The PM Lead Cook is responsible for supervising and assisting in the preparation of all food items for all outlets, Banquets, and Room Service during the evening kitchen operations, while maintaining the highest standards to produce an appealing and appetizing product. This role supports culinary leadership in maintaining quality standards, supervising line cooks, ensuring food safety compliance, and driving efficient production during peak dinner service hours. He/she is also responsible for ensuring the cleanliness, sanitation and safety in the kitchen, and storage areas while minimizing waste and maximizing cost/production ratio.
Recognize and uphold quality standards for meat, seafood, dairy, produce, and dry goods.
Inspect deliveries during PM shifts when applicable and report quality concerns.
Ensure FIFO practices and proper labeling/rotation procedures.

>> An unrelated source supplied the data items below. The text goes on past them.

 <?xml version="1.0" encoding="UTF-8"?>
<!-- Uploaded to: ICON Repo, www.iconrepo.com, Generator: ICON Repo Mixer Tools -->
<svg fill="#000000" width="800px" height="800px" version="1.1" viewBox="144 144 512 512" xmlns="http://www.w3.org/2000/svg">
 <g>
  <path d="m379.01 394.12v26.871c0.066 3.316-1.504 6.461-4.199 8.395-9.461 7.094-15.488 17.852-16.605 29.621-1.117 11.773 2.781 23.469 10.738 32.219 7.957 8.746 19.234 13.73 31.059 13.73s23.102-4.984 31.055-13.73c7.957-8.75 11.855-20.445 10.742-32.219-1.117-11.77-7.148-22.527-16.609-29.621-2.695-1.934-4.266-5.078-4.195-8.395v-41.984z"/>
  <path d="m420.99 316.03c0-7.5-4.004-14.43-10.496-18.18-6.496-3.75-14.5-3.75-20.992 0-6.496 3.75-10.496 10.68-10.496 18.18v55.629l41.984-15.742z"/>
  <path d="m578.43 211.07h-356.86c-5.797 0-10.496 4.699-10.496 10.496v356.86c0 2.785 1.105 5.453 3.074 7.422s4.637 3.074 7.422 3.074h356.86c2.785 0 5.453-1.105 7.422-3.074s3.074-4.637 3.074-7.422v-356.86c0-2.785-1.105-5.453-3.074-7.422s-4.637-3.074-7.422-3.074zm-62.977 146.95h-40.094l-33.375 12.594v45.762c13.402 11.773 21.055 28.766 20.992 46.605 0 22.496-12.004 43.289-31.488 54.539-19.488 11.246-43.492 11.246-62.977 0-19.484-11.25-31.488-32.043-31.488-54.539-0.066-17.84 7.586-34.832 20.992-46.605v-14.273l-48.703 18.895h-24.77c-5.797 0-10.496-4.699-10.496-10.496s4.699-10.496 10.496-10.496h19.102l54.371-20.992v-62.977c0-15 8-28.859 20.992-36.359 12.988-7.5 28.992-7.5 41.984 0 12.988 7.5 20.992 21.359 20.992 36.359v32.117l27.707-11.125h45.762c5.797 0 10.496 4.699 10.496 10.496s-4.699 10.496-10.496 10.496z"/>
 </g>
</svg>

Monitor holding times and discard items that do not meet safety standards.
Assist in daily prep list creation and review for next day readiness.
Assist in monitoring waste and identifying opportunities to reduce food cost.
Assist with requisitions and stock restocking during PM shifts.
Ensure proper breakdown and storage of buffet and banquet items.
Support onboarding and training of new line cooks during PM shifts.
Provide feedback to culinary leadership regarding performance, workflow, and operational improvements.
Cross-train team members to ensure flexibility across stations.